We do not mean by this holding to minimize the potential dangers arising when those who investigate also adjudicate. We are simply recognizing that inquiries into probable cause do not raise an unconstitutionally high risk of bias or prejudgment so as to invalidate ipso facto a decision, after a contested hearing, that there has been a violation of statute. See generally Withrow v. Larkin, supra ; 2 K. Davis, Administrative Law 175 (1958). Some finding of actual bias is required. To hold otherwise would "(overlook) the purpose of judicial and quasi-judicial proceedings as well as the ability of honest men to perform the duty required of them as normal human beings endowed with intellect and reason." Vandergrift Borough v. Polito, 407 Pa. 286, 288, 180 A.2d 215, 215 (1962).
We by no means intend to compromise prior decisional law condemning procedures which conjoin in an individual the prosecutorial and judicial functions. See Dussia v. Barger, 466 Pa. 152, 351 A.2d 667 (1975); Horn v. Township of Hilltown, 461 Pa. 745, 337 A.2d 858 (1975); English v. North East Board of Education, 22 Pa.
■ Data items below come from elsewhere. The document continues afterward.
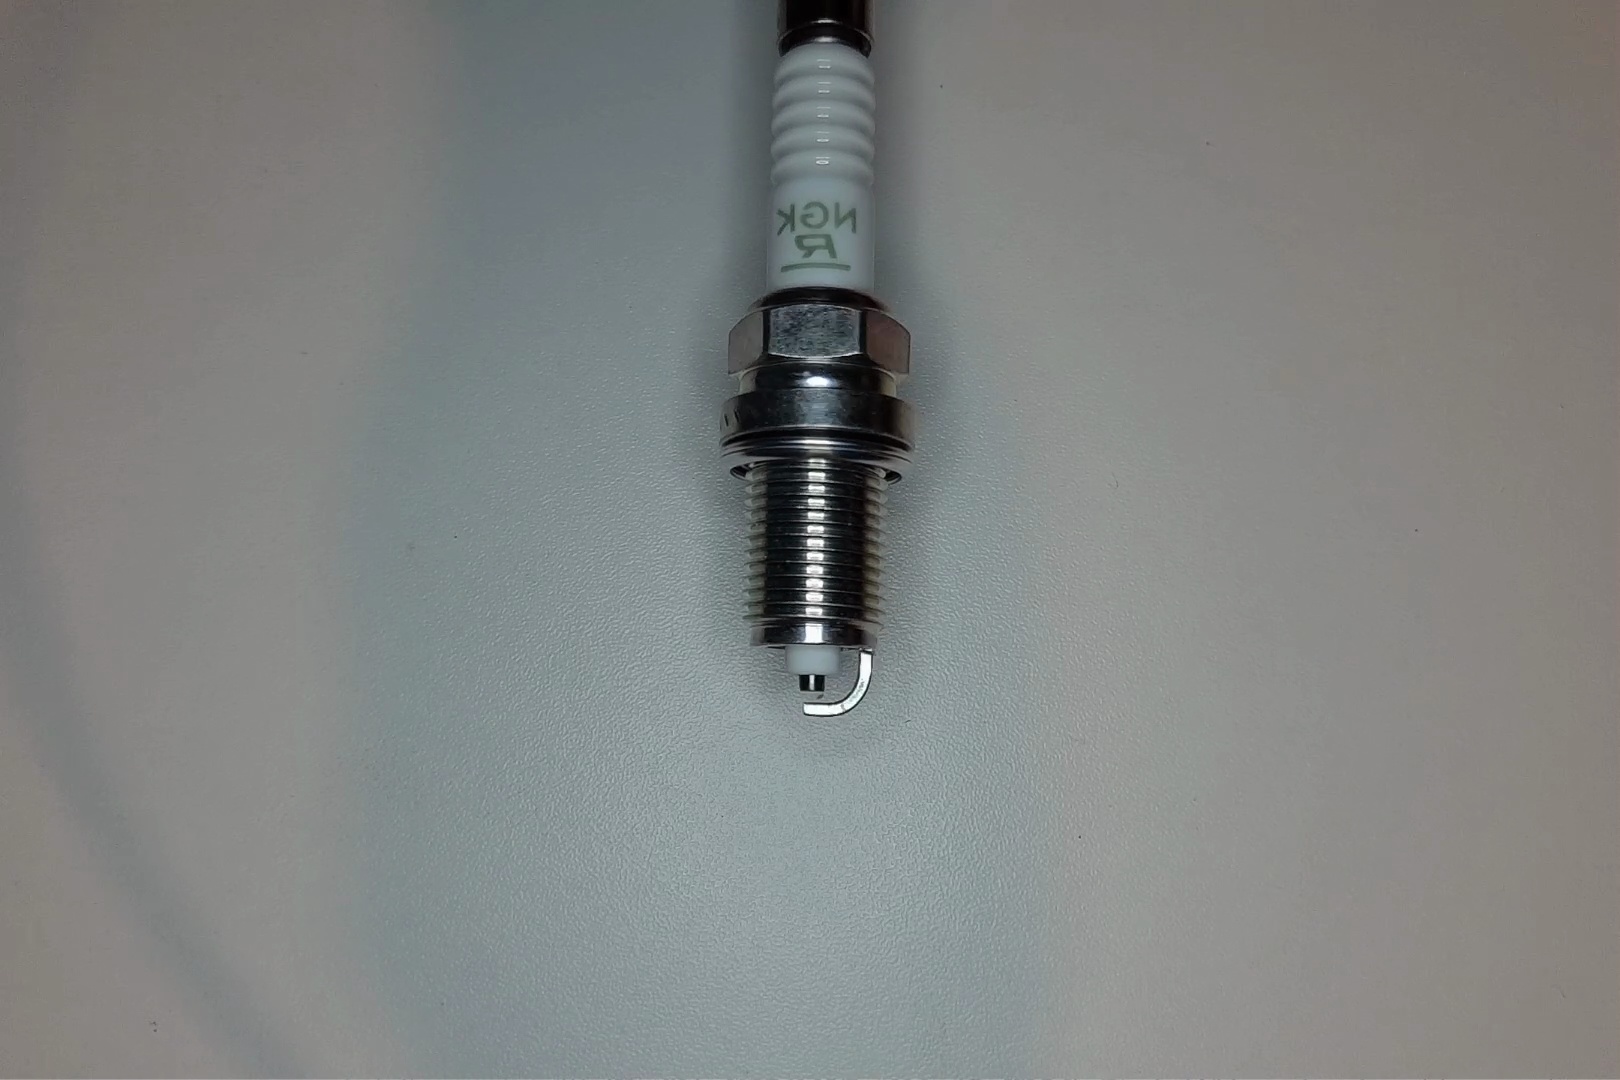
Label: no anomaly
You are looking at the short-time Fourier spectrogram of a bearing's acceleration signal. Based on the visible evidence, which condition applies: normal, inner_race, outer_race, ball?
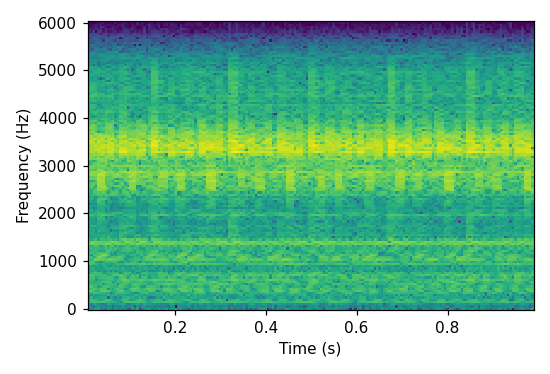
Answer: outer_race
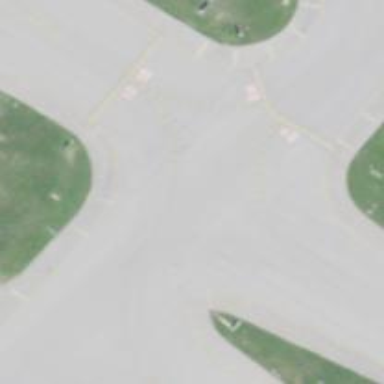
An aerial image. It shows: Image of taxiway at airport.
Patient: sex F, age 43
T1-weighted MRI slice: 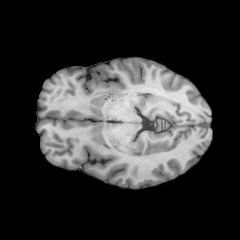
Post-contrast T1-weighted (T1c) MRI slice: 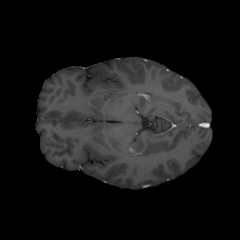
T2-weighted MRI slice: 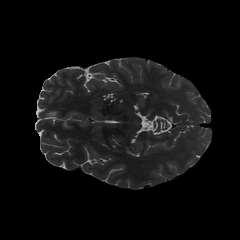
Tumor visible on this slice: yes
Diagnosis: Oligodendroglioma, IDH-mutant, 1p/19q-codeleted
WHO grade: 2
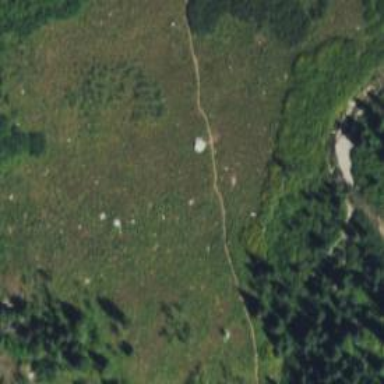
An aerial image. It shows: Trail path.
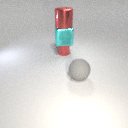
large cyan metal cube below large red metal cylinder
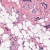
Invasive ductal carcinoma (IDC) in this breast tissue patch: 1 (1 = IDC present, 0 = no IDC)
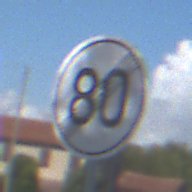
Verkehrszeichen: EndeGeschwindigkeit80
Umgebung: Outdoor, Suburban
Tageszeit: MorningAfternoon
Wetter: PartlyCloudy
Licht: Natural
Jahreszeit: NotSpecified
Kontrast: HighContrast
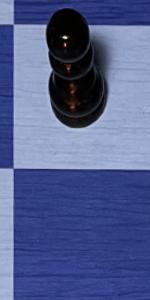
Label: Empty
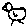
Label: bird
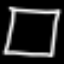
Label: square
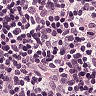
Metastatic tissue present: no

Commonwealth Ct. 240, 348 A.2d 494 (1975). "Every procedure which would offer a possible temptation to the average man as a judge . . . not to hold the balance nice, clear, and true between the State and the accused, denies the latter due process of law." Tumey v. Ohio, 273 U.S. 510, 532 (1926). Despite our holding that Appellant was not deprived of a fair tribunal, we do feel that there are sufficient indications in the instant case to warrant a conclusion that this balance was not properly set by the prosecuting Deputy Attorney General, thereby depriving Appellant of a fair trial.
[ 32 Pa. Commw. Page 549]
The role of the prosecutor is to fashion as strong a case against the accused as the evidence will allow. This is manifestly at odds with the impartiality required of the adjudicator. When the prosecutor as an individual is permitted in some manner to fulfill the role of the fact-finder one of the necessary elements of a fair trial is lacking. This situation differs markedly in substance from that in which the exigencies of modern corporate government require that one entity within a particular agency make the decision to prosecute, and another to sit as adjudicator.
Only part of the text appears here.